Rikard Edgren August 18th, 2010

This is an interesting and difficult area.
I have one objection: the ‘subjective’ items in your list of concerns are only a problem if you believe that you are measuring THE ultimate objective quality value.
If you believe you are measuring one (of many) subjective-dependent quality value, there is one very valid concern from your list; that only reported bugs are included.

I was once involved in producing a similar metric, and it wasn’t too bad. We were aware of problems with it and did answer Kaner’s questions in http://www.kaner.com/pdfs/pnsqc00.pdf
The interesting end of the story was that the metric never was implemented at the company, since it was deemed that negative effects (people focusing on the metric, not the quality) outweighed the benefits of this collective-subjective number.
I think it was wise; product quality can’t be reduced to a number, metrics are dangerous.
I rather believe that the incentive for the metrics initiative was flawed: we saw it as a problem that quality status reports were based on gut feeling.

Titles are extremely important, if you call this “Product Quality” you give people other ideas than if you call it “Fixed vs. Found Bugs”

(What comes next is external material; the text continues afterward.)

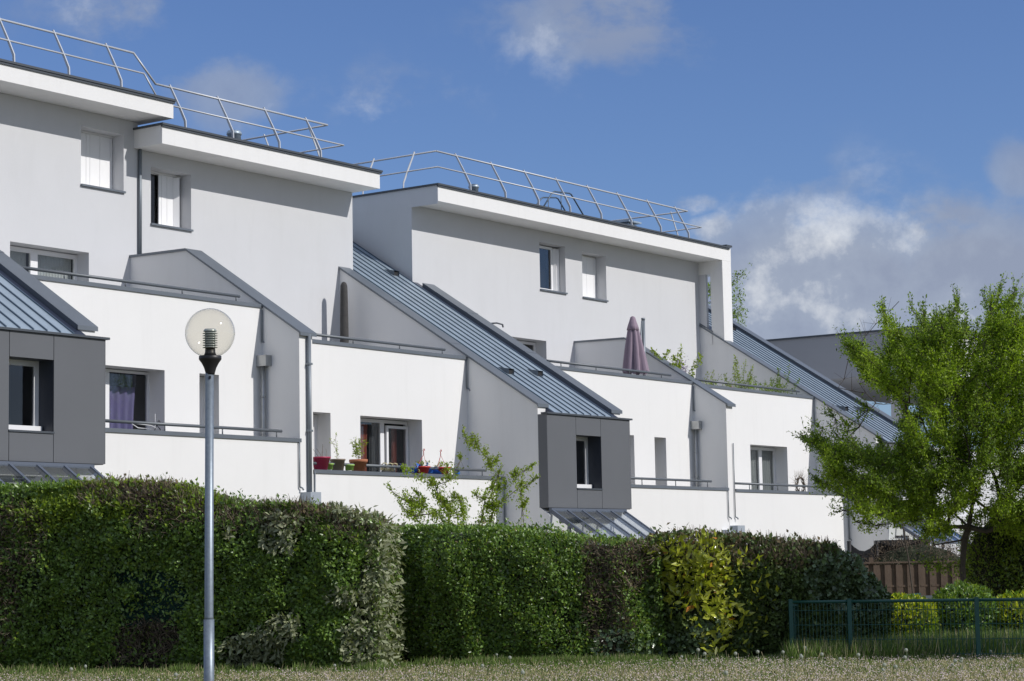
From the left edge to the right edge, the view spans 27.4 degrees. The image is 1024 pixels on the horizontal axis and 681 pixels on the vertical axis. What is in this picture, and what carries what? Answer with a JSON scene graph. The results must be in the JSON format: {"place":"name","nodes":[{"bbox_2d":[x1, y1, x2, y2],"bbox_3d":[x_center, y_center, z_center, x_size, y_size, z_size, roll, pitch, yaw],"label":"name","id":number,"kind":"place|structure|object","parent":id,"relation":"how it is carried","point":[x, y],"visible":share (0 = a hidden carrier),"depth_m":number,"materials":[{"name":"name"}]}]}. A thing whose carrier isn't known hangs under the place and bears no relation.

Henrik Emilsson August 18th, 2010

@Rikard: Well, let me elaborate on the ‘subjective’ items.
1. Since I was handling the bugs in one project, I could easily set a lot of bugs to “Must Fix” and force them to be fixed. This would generate a better “quality value” since more “important” bugs were fixed.
2. A typo could have more impact than a crash bug, which weren’t taken into consideration.
3. A bug fix could have been done in a way that it made it worse than before. It could also hide some not yet found bugs.
4. Even if you were aware of the problems with your metric, other people might not have been aware of it.
5. If one see bugs as reports that contains information regarding issues in a piece of software, then the quality of the report matters. And the content matters. It is like comparing all books in the library as if they were the same book, and then draw some conclusion from that.
6. Our metric was based on meta data about the bugs. The meta data were manually added by several different persons. The meta data was based on individual interpretations and driven by the team culture. Comparison of meta data between projects/products would therefore be difficult.
7. It is very easy to forget that the values are “measuring one (of many) subjective-dependent quality value”. The numbers are concretizing and simplifying the abstract, which is something people tend to like and stick to. And sometimes it is the only thing they can grasp.(*)

Regarding the incentive for the metrics. I might be wrong, but I think that for our metric there was an underlying motive to shed som light on some projects that did a sloppy work with the bug handling.

I agree, titles are very important. And they should never be try to be majestic in order to draw attention.

(*) You and I wrote an article and did a presentation on EuroSTAR in 2005 where we talked about advanced analysis of the bug system. One of our key points was that you need to know about the details in order to draw any conclusions from the data. By using a single quality value you obscure the details for all people not informed about the details. That is also dangerous.

Rikard Edgren August 18th, 2010

I’m totally with you.
And the details you specified is better (for me) than “X is subjective” (which I see mostly as a good thing.)
(*) I do believe in numbers as a complement to knowledge about details when analyzing bugs, customer incidents et.al.
I think it is common to search for the numbers that enforce the things you already knew, but you had to have the numbers in order to get people to trust you.

Henrik Emilsson August 19th, 2010

Oh, now I see what you meant by the comment regarding ‘subjective’ things.
For me those are also positive things!
What I tried to describe (in the original post, but perhaps better explained in the comment by examples) was that the bugs and its handling are subjective as in that neither the bugs nor their handling can be seen as predictable and predeterminable; and therefore not comparable (objectively seen).